The Tokenizer also begins the operator processing. When it receives the next character (the open paragraph operator), it sends the * operator off to the Evaluator, which pushes it onto the operator stack. Note that since all operators are single characters, we could have sent off the * operator immediately. However, a design decision was made to allow for multiple character operators in the future, such as ++ and +='. This would allow subsequent versions of the Calculator to have variables and more elaborate behavior.

Figure 7-31 picks up where the previous figure leaves off. The Evaluator pushes the * operator. The CharParser meanwhile sends the digit 3 to the Tokenizer. The latter now sends the ( operator off to the Evaluator, which pushes it onto the operator stack. The processing continues with the + operator inside the parenthesis.

Figure 7-32 continues the scenario with the digit 4. Now the Tokenizer can send the operator + to the Evaluator. The Evaluator now wants to see if it can apply the operator, so it calls reduce(). It cannot, as it happens, so it pushes the operator onto the operator stack. At this point, the number stack has the value 3 at the top, followed by 2 (the number 4 hasn't been pushed onto the stack yet). The operator stack has + at the top, followed by ( and then *.
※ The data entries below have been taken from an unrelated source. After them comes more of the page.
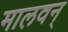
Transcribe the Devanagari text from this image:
मालवन्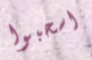
اسحبوا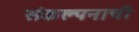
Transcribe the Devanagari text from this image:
संकल्पनाची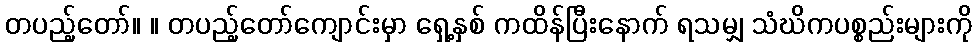
တပည့်တော်။ ။ တပည့်တော်ကျောင်းမှာ ရှေ့နှစ် ကထိန်ပြီးနောက် ရသမျှ သံဃိကပစ္စည်းများကို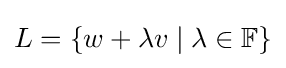
L=\{w+\lambda v\mid \lambda \in \mathbb {F} \}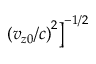
\left. \left( v _ { z 0 } / c \right) ^ { 2 } \right] ^ { - 1 / 2 }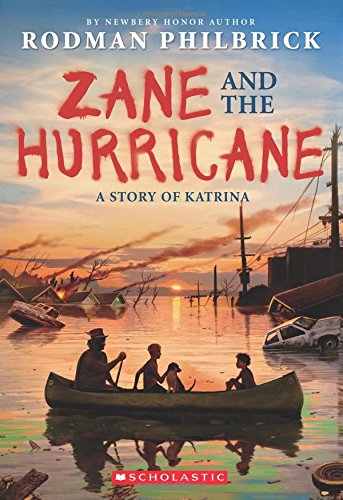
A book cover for Zane and the Hurricane: A Story of Katrina; Rodman Philbrick; Children's Books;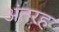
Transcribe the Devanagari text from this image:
अंतरह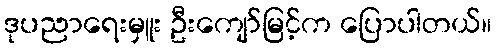
ဒုပညာရေးမှူး ဦးကျော်မြင့်က ပြောပါတယ်။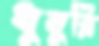
ধুনুরি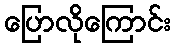
ပြောလိုကြောင်း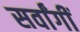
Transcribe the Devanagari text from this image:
सर्वांगीं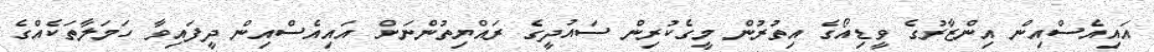
އައިއެސްއިން އިންޒާރުގެ ވީޑިއޯގެ އިތުރުން މީގެކުރިން ސައުދީގެ ރައްޔިތުންނަށް އައިއެސްއިން ދީފައިވާ ހަމަލާތަކެއްގެ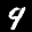
Label: 9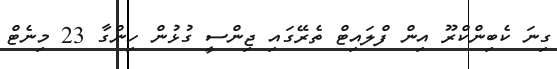
ގިނަ ކެބިންކްރޫ އިން ފްލައިޓް ތެރޭގައި ޖިންސީ ގުޅުން ހިންގާ 23 މިނެޓް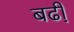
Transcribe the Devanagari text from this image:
बढी़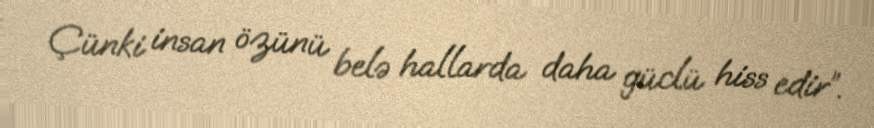
Çünki insan özünü belə hallarda daha güclü hiss edir”.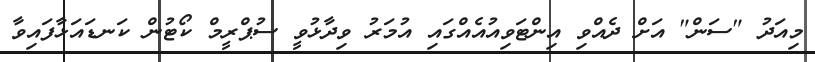
މިއަދު "ސަން" އަށް ދެއްވި އިންޓަވިއުއެއްގައި އުމަރު ވިދާޅުވީ ސުޕްރީމް ކޯޓުން ކަނޑައަޅާފައިވާ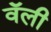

The next character is the ) operator. The processing continues in Figure 7-33. We see that the last number, 4, is pushed on the stack. The last token is a special one, called end of string (EOS). That forces the evaluation of the last operator, ). This calls the operation reduceSubExpr(), which does a reduction until a left parenthesis operator is found. We see that the Evaluator checks to ensure that the next operator is not a left parenthesis (after all (5) is a perfectly legal subexpression). Since it is not, the Evaluator pops the operator (a +) and two operands off the number stack, does the math (actually performed in the body of the reduceFactor() method), and pushes the result (7) onto the number stack. Then the ( is popped from the operator stack and discarded.

The final reduction is done by processing the EOS event in the Evaluator. This is shown in the last of these figures, Figure 7-34. The reduceFactor() method is called (since we're processing a multiplicative operator) and we pop the operator from the stack (*), the two operands (7 and 2), do the math, and push the result on the stack (14). Since we're at the end of the string, we call displayResult(), which pops the value off the number stack and sends it to standard output.

In a book, this sequence seems long and involved, as it is spread across five figures. In a tool, however, the entire scenario is a single diagram, and may be scrolled and zoomed as necessary.